TL;DR: A CLI tool that integrates AI shouldn’t hard-wire one vendor, so it wants a single client interface over several providers. But a client built on only what every provider shares throws away the features actually worth having: prompt caching, extended thinking, citations. rust-tool-base’s rtb-ai refuses to choose. The genai crate gives a unified path across five providers, and an Anthropic-direct path drops below the abstraction for the features genai can’t reach. The escape hatch is designed in, not leaked.

The pull toward one interface

If your CLI tool talks to an AI model, hard-wiring one vendor is a poor bet. One user has an Anthropic key, another an OpenAI key. Someone is on Gemini. Someone runs Ollama locally because their data can’t leave the building. Someone points at an OpenAI-compatible endpoint from a provider you’ve never heard of. You don’t want a separate code path for each, so you want one AiClient that all of them slot behind.

rtb-ai gets that unification from the genai crate, which already speaks to Anthropic, OpenAI, Gemini, Ollama and OpenAI-compatible endpoints. One interface, five providers, the tool author picks one in config. The Go sibling makes the same bet: go-tool-base’s chat package also unifies several providers, behind an interface deliberately kept to four methods. So far this is the obvious design, and if it were the whole design there’d be nothing to write about.
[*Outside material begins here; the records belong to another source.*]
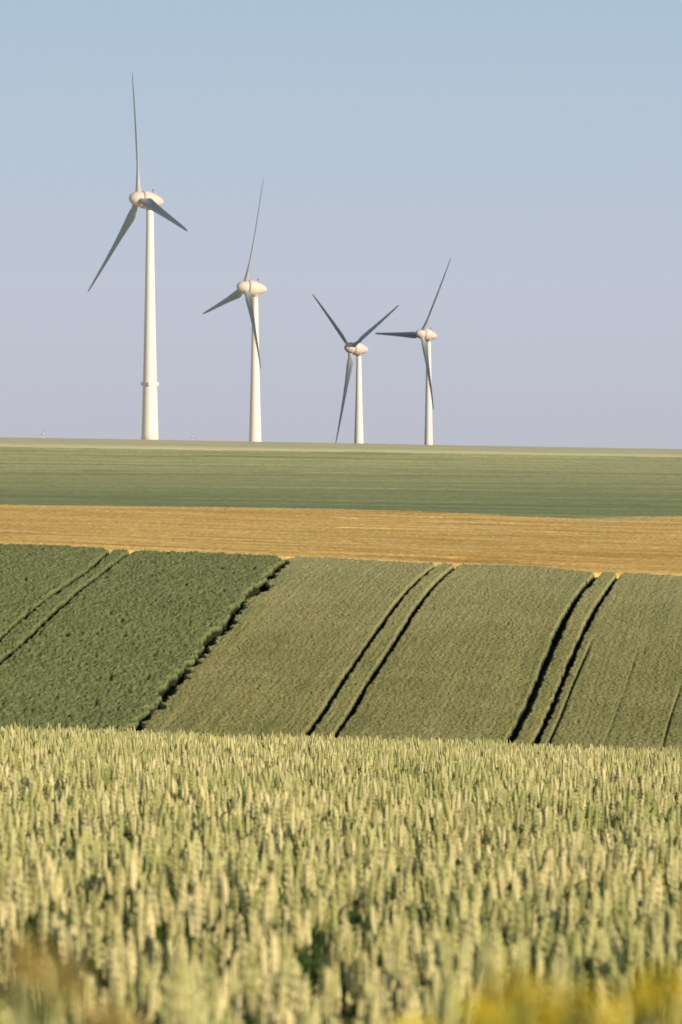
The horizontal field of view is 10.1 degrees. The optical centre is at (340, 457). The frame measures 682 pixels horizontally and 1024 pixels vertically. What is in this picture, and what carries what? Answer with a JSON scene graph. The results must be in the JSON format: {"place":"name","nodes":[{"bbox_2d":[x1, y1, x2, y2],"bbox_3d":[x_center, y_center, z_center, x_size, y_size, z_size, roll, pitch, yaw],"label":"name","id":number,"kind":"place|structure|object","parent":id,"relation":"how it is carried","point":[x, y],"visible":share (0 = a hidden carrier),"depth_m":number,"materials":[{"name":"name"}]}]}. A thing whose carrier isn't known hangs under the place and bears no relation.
{"place":"outdoors","nodes":[
{"label":"outdoors","id":0,"kind":"place"},
{"bbox_2d":[58,595,587,1022],"bbox_3d":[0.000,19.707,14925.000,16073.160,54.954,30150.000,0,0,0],"label":"ground","id":1,"kind":"structure","parent":0,"point":[530,705],"depth_m":264.75,"materials":[{"name":"soil"}]},
{"bbox_2d":[0,935,102,1023],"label":"dock plant","id":2,"kind":"object","parent":1,"relation":"on","point":[39,970],"visible":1,"depth_m":1.90,"materials":[{"name":"brown plant"}]},
{"bbox_2d":[71,1001,140,1023],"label":"dock plant","id":3,"kind":"object","parent":1,"relation":"on","point":[105,1013],"visible":0.89,"depth_m":2.30,"materials":[{"name":"brown plant"}]},
{"bbox_2d":[88,74,186,439],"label":"wind turbine","id":4,"kind":"object","parent":1,"relation":"on","point":[151,203],"visible":0.98,"depth_m":1012.63,"materials":[{"name":"paint"}]},
{"bbox_2d":[203,177,266,441],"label":"wind turbine","id":5,"kind":"object","parent":1,"relation":"on","point":[251,290],"visible":0.98,"depth_m":1181.68,"materials":[{"name":"paint"}]},
{"bbox_2d":[313,295,398,443],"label":"wind turbine","id":6,"kind":"object","parent":1,"relation":"on","point":[357,348],"visible":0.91,"depth_m":1383.64,"materials":[{"name":"paint"}]},
{"bbox_2d":[375,258,450,444],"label":"wind turbine","id":7,"kind":"object","parent":1,"relation":"on","point":[425,335],"visible":0.96,"depth_m":1532.25,"materials":[{"name":"paint"}]},
{"bbox_2d":[397,1015,429,1023],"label":"wild mustard","id":8,"kind":"object","parent":1,"relation":"on","point":[425,1020],"visible":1,"depth_m":2.20,"materials":[{"name":"yellow plant"}]},
{"bbox_2d":[455,964,565,1023],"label":"wild mustard","id":9,"kind":"object","parent":1,"relation":"on","point":[482,1015],"visible":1,"depth_m":1.90,"materials":[{"name":"yellow plant"}]},
{"bbox_2d":[559,1011,602,1023],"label":"wild mustard","id":10,"kind":"object","parent":1,"relation":"on","point":[577,1023],"visible":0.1,"depth_m":2.30,"materials":[{"name":"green plant"}]},
{"bbox_2d":[539,976,630,1023],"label":"wild mustard","id":11,"kind":"object","parent":1,"relation":"on","point":[577,994],"visible":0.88,"depth_m":2.00,"materials":[{"name":"yellow plant"}]},
{"bbox_2d":[616,966,681,1023],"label":"wild mustard","id":12,"kind":"object","parent":1,"relation":"on","point":[662,999],"visible":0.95,"depth_m":2.10,"materials":[{"name":"yellow plant"}]},
{"bbox_2d":[0,722,681,1023],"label":"wheat field","id":13,"kind":"structure","parent":0,"point":[417,880],"depth_m":12.16,"materials":[{"name":"plant"}]},
{"bbox_2d":[0,543,681,750],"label":"green crop field","id":14,"kind":"structure","parent":0,"point":[94,638],"depth_m":273.41,"materials":[{"name":"green plant"}]},
{"bbox_2d":[0,447,681,518],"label":"green crop field","id":15,"kind":"structure","parent":0,"point":[575,486],"depth_m":609.40,"materials":[{"name":"green plant"}]},
{"bbox_2d":[0,504,681,579],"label":"ripe crop field","id":16,"kind":"structure","parent":0,"point":[620,546],"depth_m":369.50,"materials":[{"name":"plant"}]},
{"bbox_2d":[0,437,681,456],"bbox_3d":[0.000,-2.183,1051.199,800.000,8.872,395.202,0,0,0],"label":"barley field","id":17,"kind":"structure","parent":0,"point":[196,445],"depth_m":874.93,"materials":[{"name":"beige plant"}]},
{"bbox_2d":[0,0,681,448],"label":"sky","id":18,"kind":"structure","parent":0,"point":[534,147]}
]}

What “unified” quietly costs you

Here’s the catch in any unified interface. It can only expose what every provider behind it has in common.
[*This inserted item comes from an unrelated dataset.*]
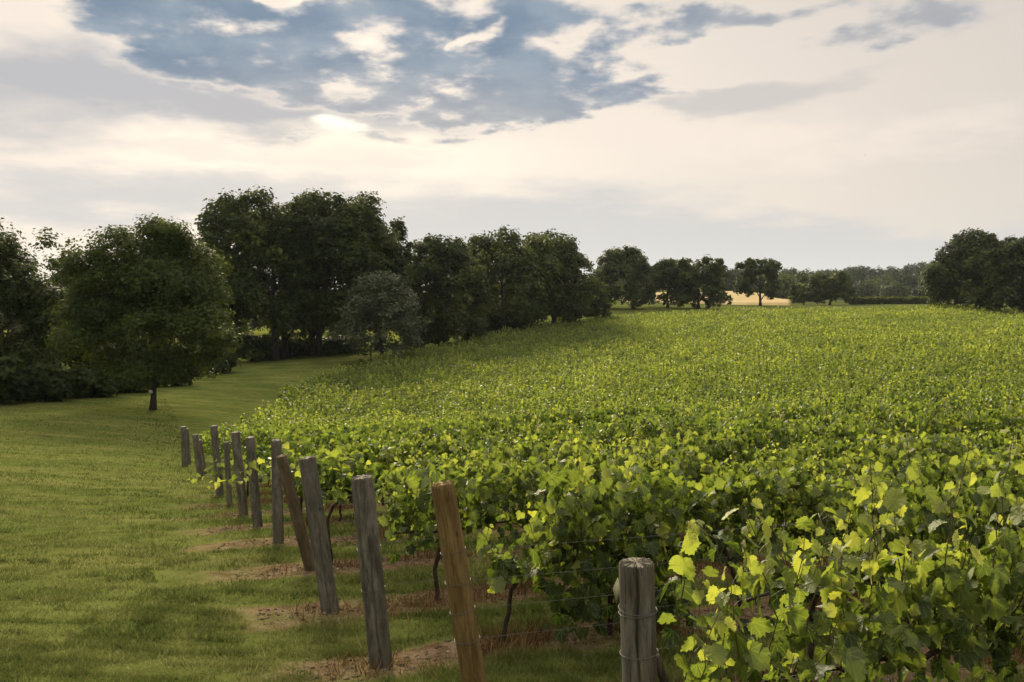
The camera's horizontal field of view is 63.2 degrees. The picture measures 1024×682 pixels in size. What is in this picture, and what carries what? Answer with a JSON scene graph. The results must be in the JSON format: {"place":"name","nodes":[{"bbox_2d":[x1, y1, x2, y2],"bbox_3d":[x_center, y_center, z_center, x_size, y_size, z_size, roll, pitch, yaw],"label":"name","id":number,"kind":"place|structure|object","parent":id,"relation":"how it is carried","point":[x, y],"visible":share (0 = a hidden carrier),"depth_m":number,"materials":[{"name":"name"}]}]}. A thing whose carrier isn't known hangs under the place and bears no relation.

The common subset is plain chat. Messages go in, text comes out, optionally streamed token by token. That’s real and it’s useful and every provider does it. But the common subset is also the floor, and the features that make a particular provider worth choosing are almost never on the floor. They’re the things only that provider does.

Anthropic is the sharp example, because it has three features that matter and none of them are common-subset.

Prompt caching. You can mark the stable parts of a request, the system prompt and the tool list, as cacheable. The provider keeps them warm, and on the next turn you aren’t billed to re-send and re-process text that didn’t change. On a long agent loop, where the same large system prompt rides along on every single turn, that’s a substantial saving in both cost and latency.

Extended thinking. The model works through a hard problem in a visible, budgeted reasoning pass before it commits to an answer, and you can see that reasoning.

Citations. Structured references back to source material in the response.

A client built strictly on the common subset cannot express any of those. It has no field for them, because four of the five providers wouldn’t know what to do with the field. So a purely lowest-common-denominator client would “support” Anthropic and then use it badly, leaving its best features unreachable. Support as a checkbox, not as the point.

The escape hatch

rtb-ai’s answer is to not choose. It runs two implementations under one interface.

For OpenAI, Gemini, Ollama and OpenAI-compatible endpoints, calls route through genai, the unified path. For Anthropic, every method drops to a direct reqwest implementation straight against the Messages API. Same AiClient on the surface, a different implementation underneath, selected by which provider the config names.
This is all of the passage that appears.